At a time when the United States is trying to compete globally, immigrants from some troubled places can offer us a critical edge. Steve Jobs was the son of a refugee from one of the world's most distressed corners, Syria; Sundar Pichai, the chief executive of Google, America's most important Internet company, grew up in two-room apartment in Ashok Nagar, India. The examples are nearly endless.

Beyond these economic contributions, selfless acts of heroism by immigrants from countries Trump insulted (like the well-known case of Ghanaian immigrant Emmanuel Mensah) have been in the news in recent days.

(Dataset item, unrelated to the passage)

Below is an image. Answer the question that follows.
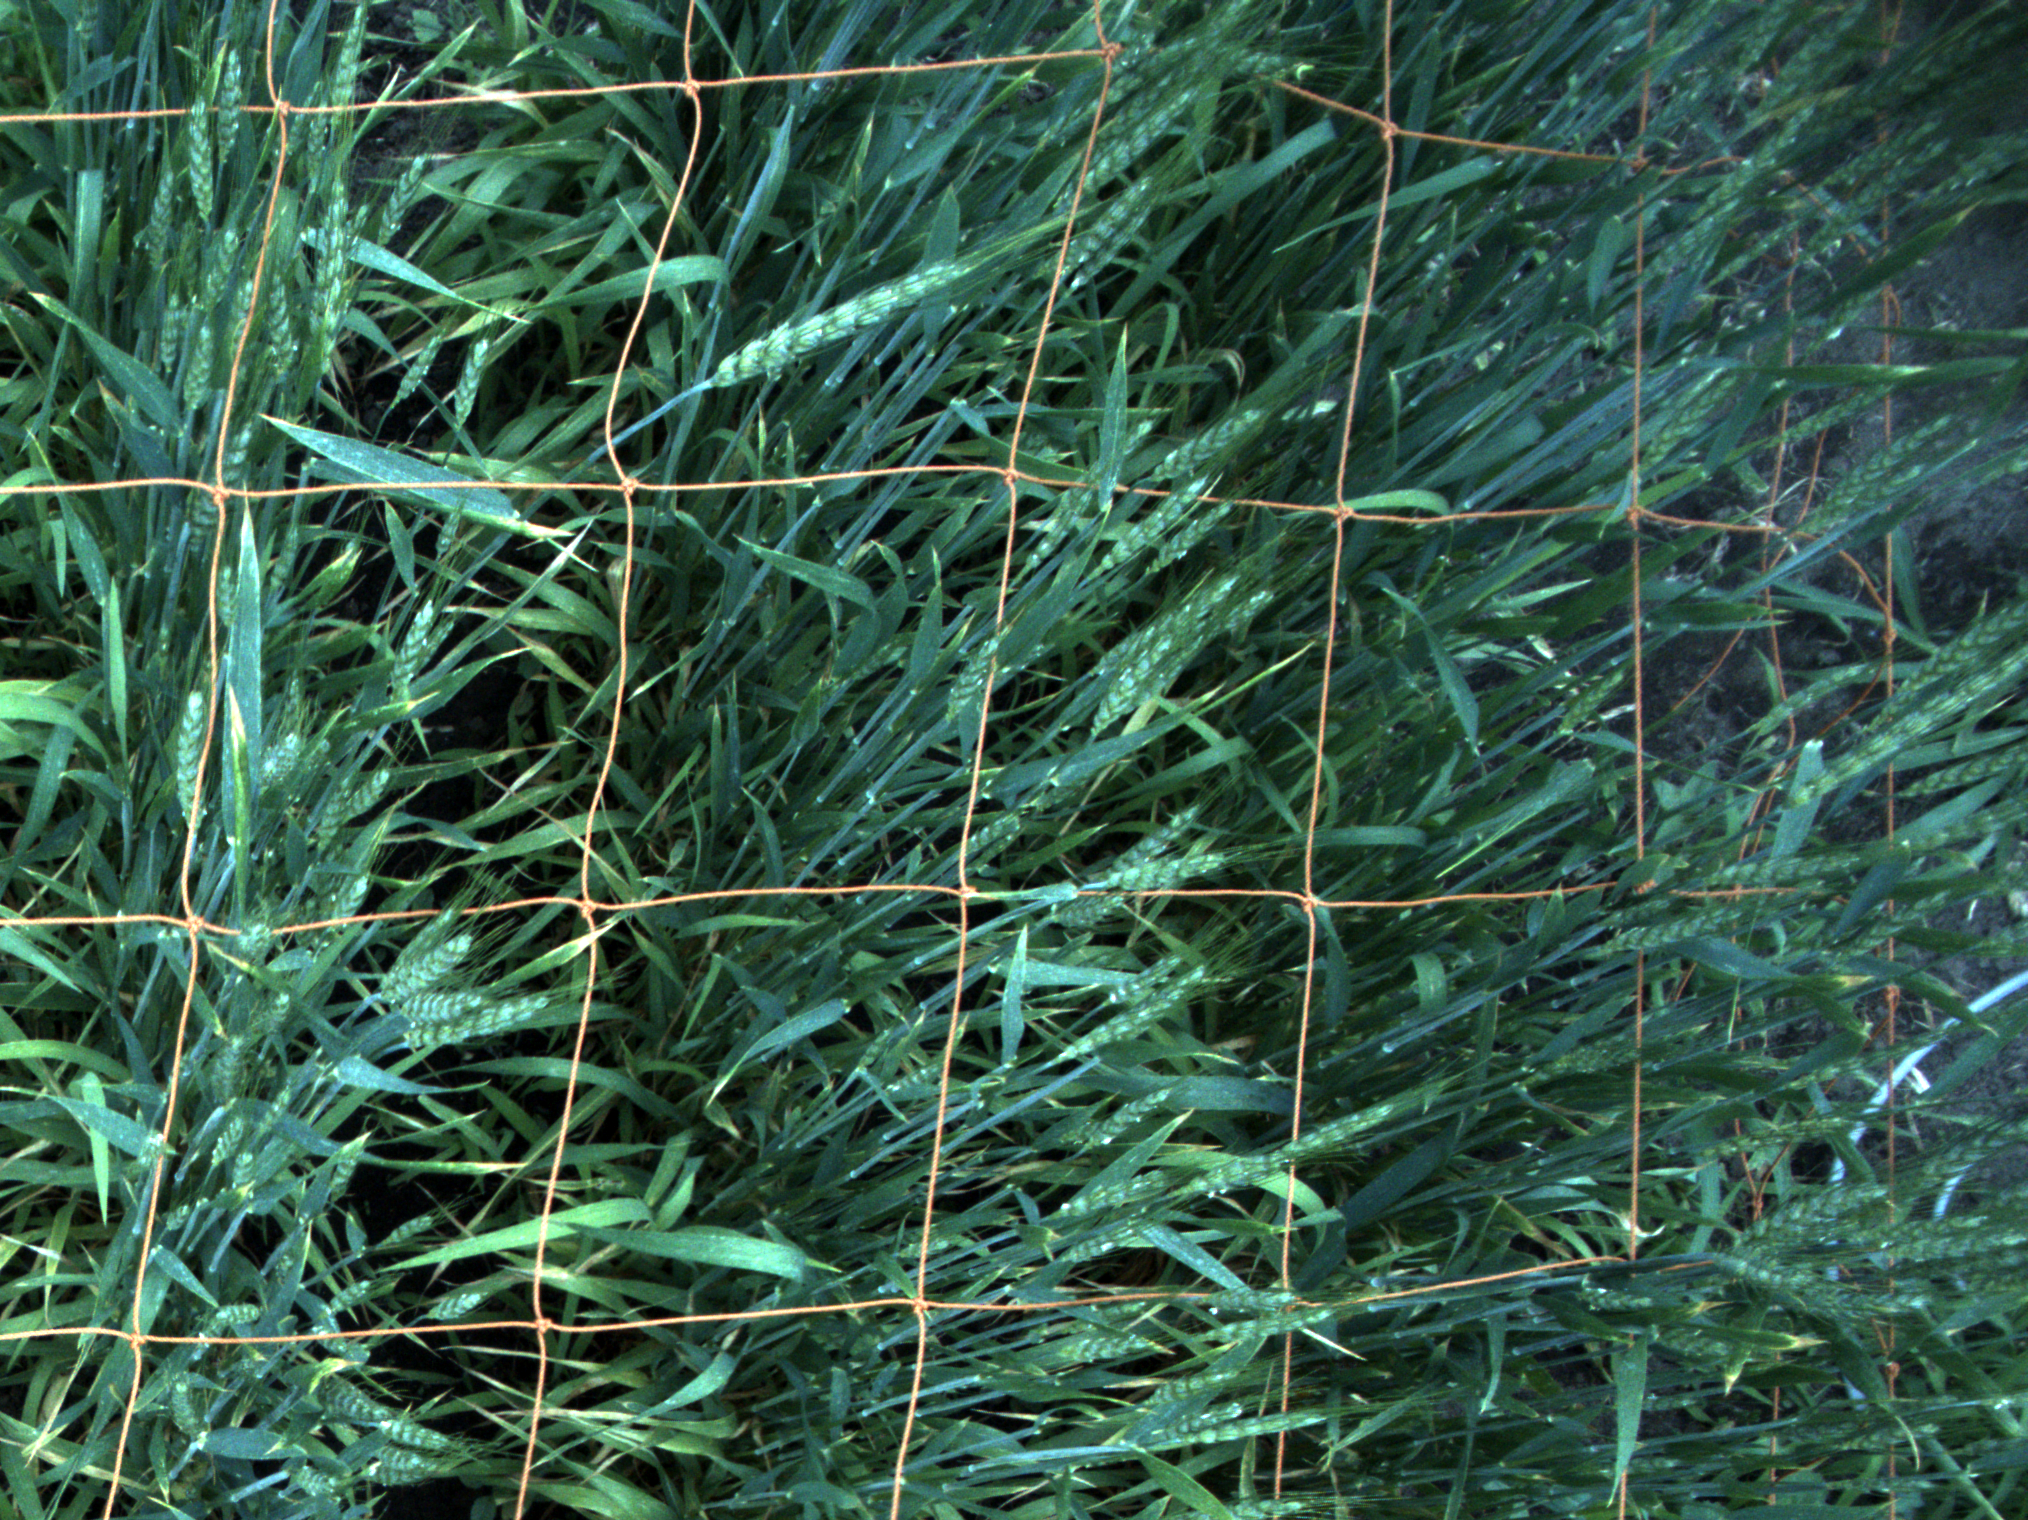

Top of my mind since the president's tirade has been Dr. Martin Saliaat whose funeral I spoke during my work on the Ebola response. Salia was an African immigrant who worked in church-sponsored medical clinics around the United States. In 2014, he and his wife were raising their two sons in the D.C. area when Ebola ravaged his native land, Sierra Leone.

As West African medical workers died from Ebola at an alarming rate, a call went out for émigrés to return and fill the void. Salia was among the many doctors and nurses who answered. Knowing the danger, he went to serve in a church-run hospital in Freetown, along the country's coast. While performing surgery, Salia was unknowingly exposed to Ebola. Initially misdiagnosed by a local laboratory, his condition was too advanced by the time he was transported back to the United States for treatment. Of the many Americans - native-born and immigrant - who went to West Africa to fight Ebola, Salia was the only one who died.

In the end, maybe we should not be surprised that the president believes that immigrants like Martin Salia have no place in our nation. This is not just because of the color of Salia's skin, or the faraway location of his birth; Salia - like so many immigrants - exhibited a commitment to faith and service, sacrifice and humility, compassion and concern that is profoundly alien to the self-centered occupant of the Oval Office. It is their character, even more so than their country of origin, that may make such people so foreign to the hateful man in the White House.